▶ [What you need to do]
Copy each line of the records exactly, stopping only after the line that contains "From 0 ms to 12000" has been written, and leave pictures out.

▶ [Data excerpts]
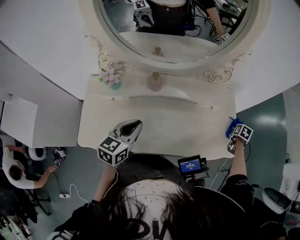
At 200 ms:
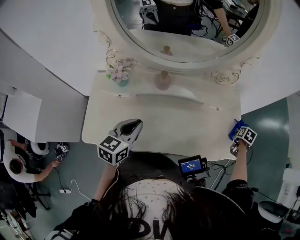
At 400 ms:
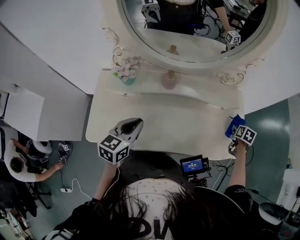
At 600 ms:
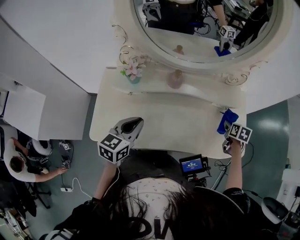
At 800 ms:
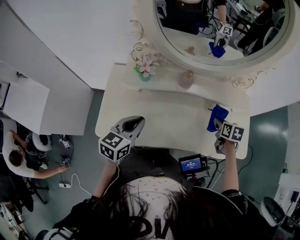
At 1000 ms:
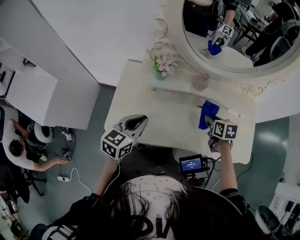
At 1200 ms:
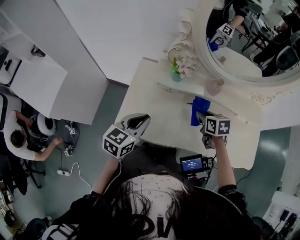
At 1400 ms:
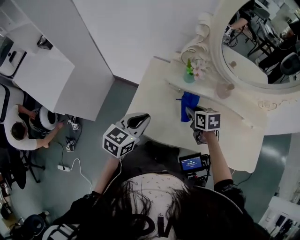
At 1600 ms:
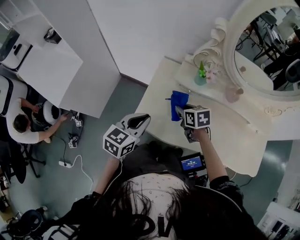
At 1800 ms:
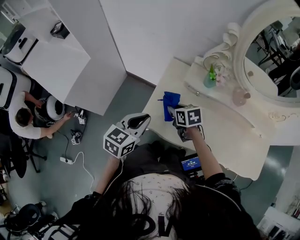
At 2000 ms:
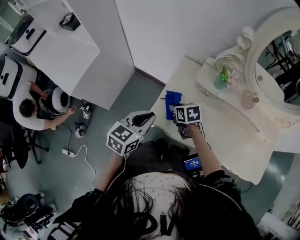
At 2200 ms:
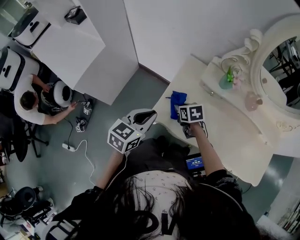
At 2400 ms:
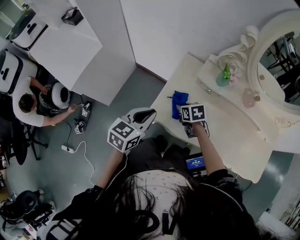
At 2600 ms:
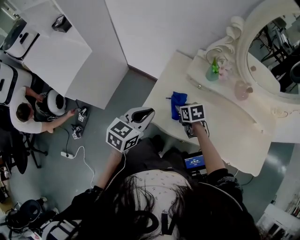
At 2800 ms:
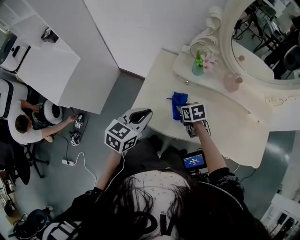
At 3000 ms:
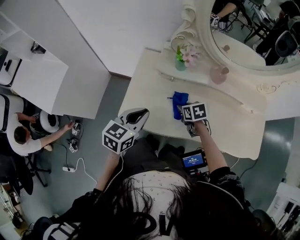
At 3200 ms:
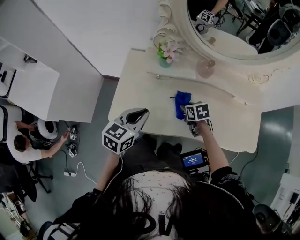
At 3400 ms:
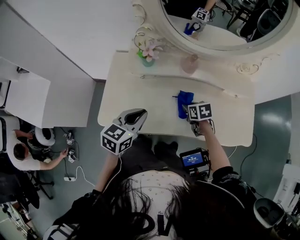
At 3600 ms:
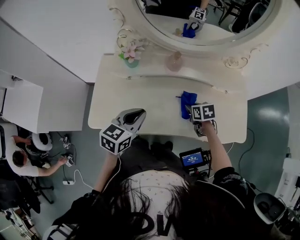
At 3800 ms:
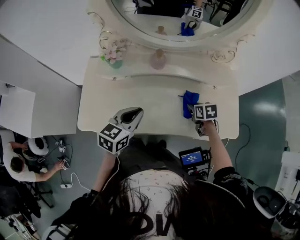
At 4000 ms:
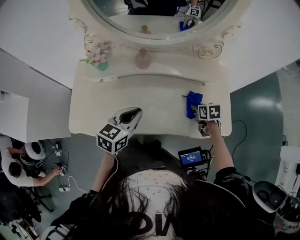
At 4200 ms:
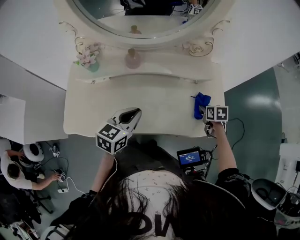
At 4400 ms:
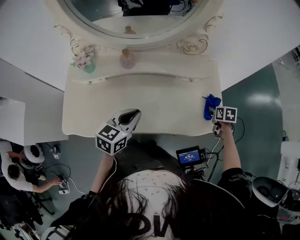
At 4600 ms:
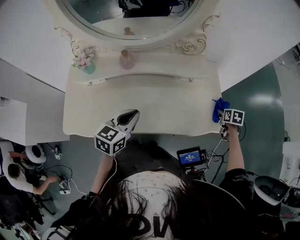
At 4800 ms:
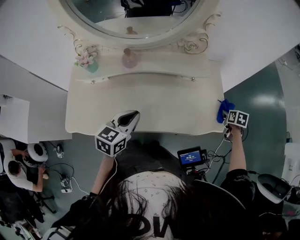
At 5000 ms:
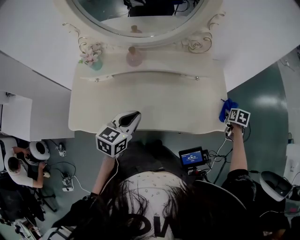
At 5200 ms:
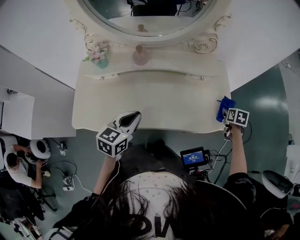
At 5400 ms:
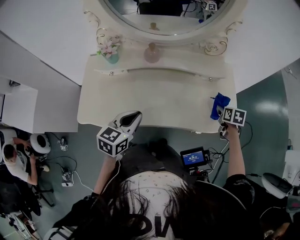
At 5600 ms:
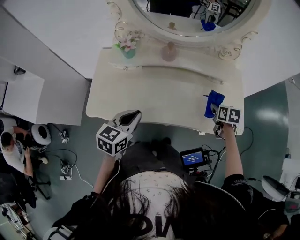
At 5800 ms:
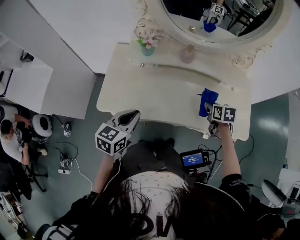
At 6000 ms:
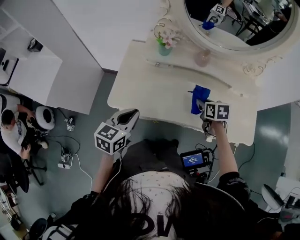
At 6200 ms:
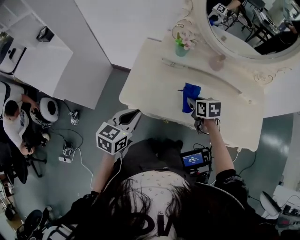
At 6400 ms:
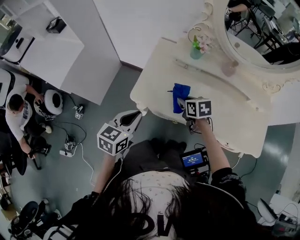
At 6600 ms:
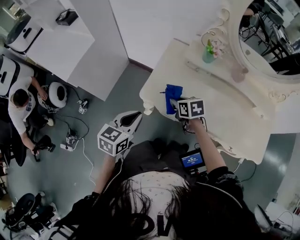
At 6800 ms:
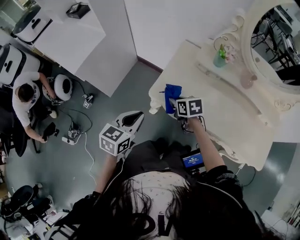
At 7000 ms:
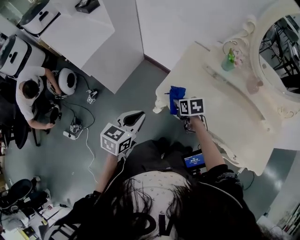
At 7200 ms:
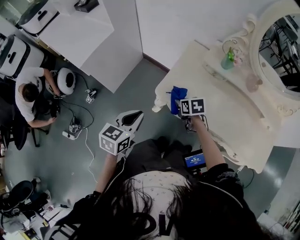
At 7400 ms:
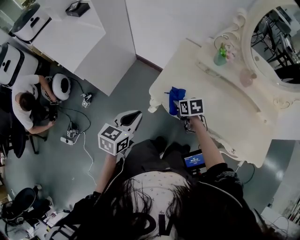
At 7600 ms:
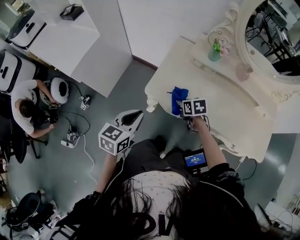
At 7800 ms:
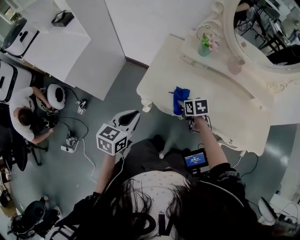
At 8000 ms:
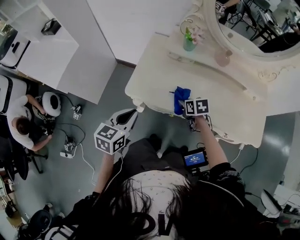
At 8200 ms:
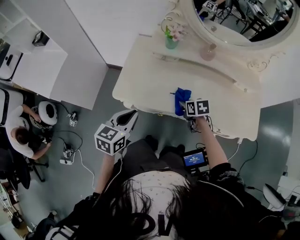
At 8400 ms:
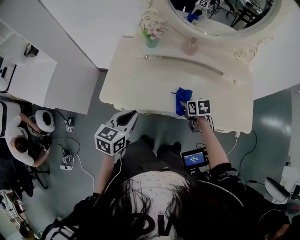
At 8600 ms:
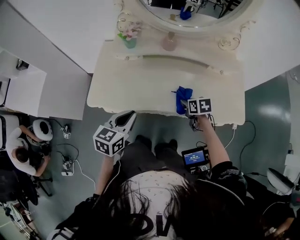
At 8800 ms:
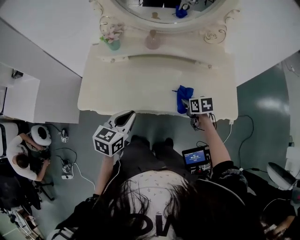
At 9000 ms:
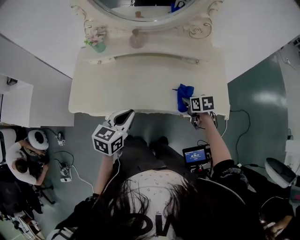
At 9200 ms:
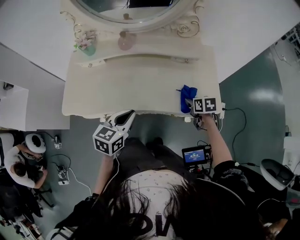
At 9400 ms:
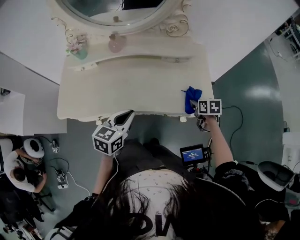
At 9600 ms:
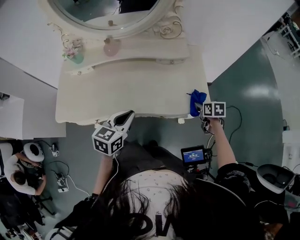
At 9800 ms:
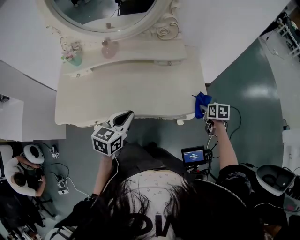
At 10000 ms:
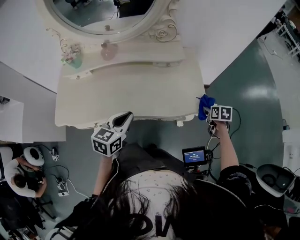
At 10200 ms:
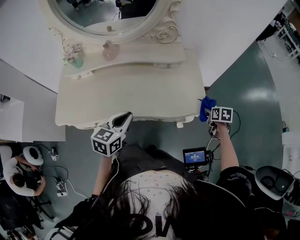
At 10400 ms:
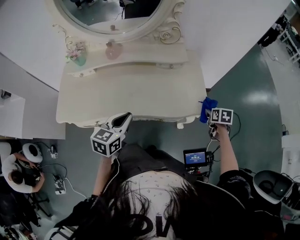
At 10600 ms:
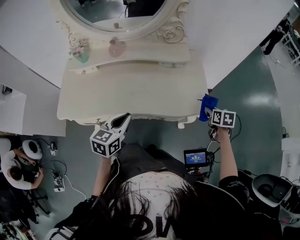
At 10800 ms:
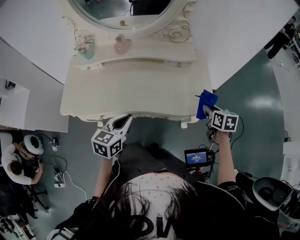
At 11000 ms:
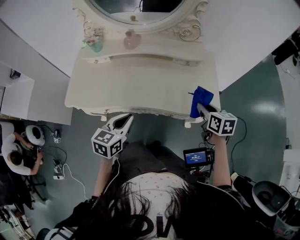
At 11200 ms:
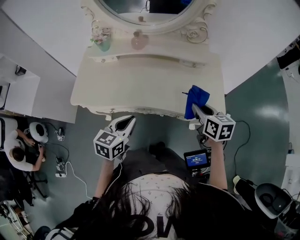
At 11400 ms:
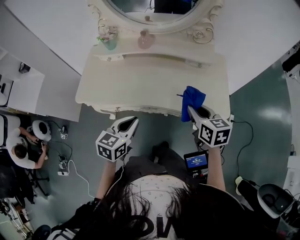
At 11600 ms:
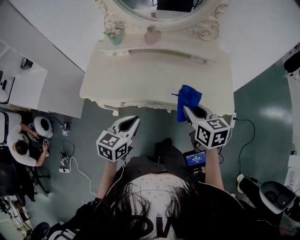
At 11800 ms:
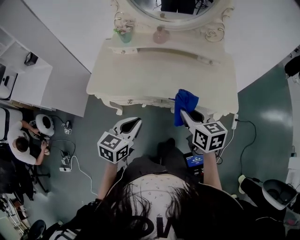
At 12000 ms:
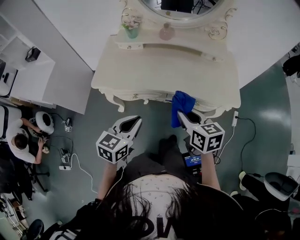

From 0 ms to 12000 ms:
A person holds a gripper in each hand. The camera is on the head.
From 0 ms to 1600 ms: The right gripper moves about 80 cm, and rotates approximately 70 degrees, while the left gripper moves roughly 30 cm.
From 1600 ms to 3000 ms: The left gripper shifts roughly 5 cm to the right, while the right gripper travels to the right and downward by some 10 cm.
From 3000 ms to 4400 ms: The left gripper moves approximately 35 cm. The right gripper shifts by some 60 cm, and turns by roughly 40 degrees.
From 4400 ms to 6000 ms: The left gripper moves some 30 cm, while the right gripper moves roughly 40 cm, and swivels approximately 30 degrees.
From 6000 ms to 7600 ms: The right gripper moves approximately 30 cm, and rotates about 20 degrees, while the left gripper ends up roughly 15 cm from where it was.
From 7600 ms to 9000 ms: The two grippers go about 40 cm to the right. The left gripper rotates roughly 20 degrees, while the right gripper turns by approximately 30 degrees.
From 9000 ms to 10400 ms: The left gripper travels to the right by about 10 cm. Meanwhile the right gripper goes some 30 cm to the right, and changes its angle by about 20 degrees.
From 10400 ms to 12000 ms: The left gripper is displaced backward and to the left by some 25 cm; the right gripper goes about 50 cm to the left and upward, and angles its fingers upward, by some 30 degrees.

▶ [Finished task]
At 200 ms:
At 400 ms:
At 600 ms:
At 800 ms:
At 1000 ms:
At 1200 ms:
At 1400 ms:
At 1600 ms:
At 1800 ms:
At 2000 ms:
At 2200 ms:
At 2400 ms:
At 2600 ms:
At 2800 ms:
At 3000 ms:
At 3200 ms:
At 3400 ms:
At 3600 ms:
At 3800 ms:
At 4000 ms:
At 4200 ms:
At 4400 ms:
At 4600 ms:
At 4800 ms:
At 5000 ms:
At 5200 ms:
At 5400 ms:
At 5600 ms:
At 5800 ms:
At 6000 ms:
At 6200 ms:
At 6400 ms:
At 6600 ms:
At 6800 ms:
At 7000 ms:
At 7200 ms:
At 7400 ms:
At 7600 ms:
At 7800 ms:
At 8000 ms:
At 8200 ms:
At 8400 ms:
At 8600 ms:
At 8800 ms:
At 9000 ms:
At 9200 ms:
At 9400 ms:
At 9600 ms:
At 9800 ms:
At 10000 ms:
At 10200 ms:
At 10400 ms:
At 10600 ms:
At 10800 ms:
At 11000 ms:
At 11200 ms:
At 11400 ms:
At 11600 ms:
At 11800 ms:
At 12000 ms:

From 0 ms to 12000 ms:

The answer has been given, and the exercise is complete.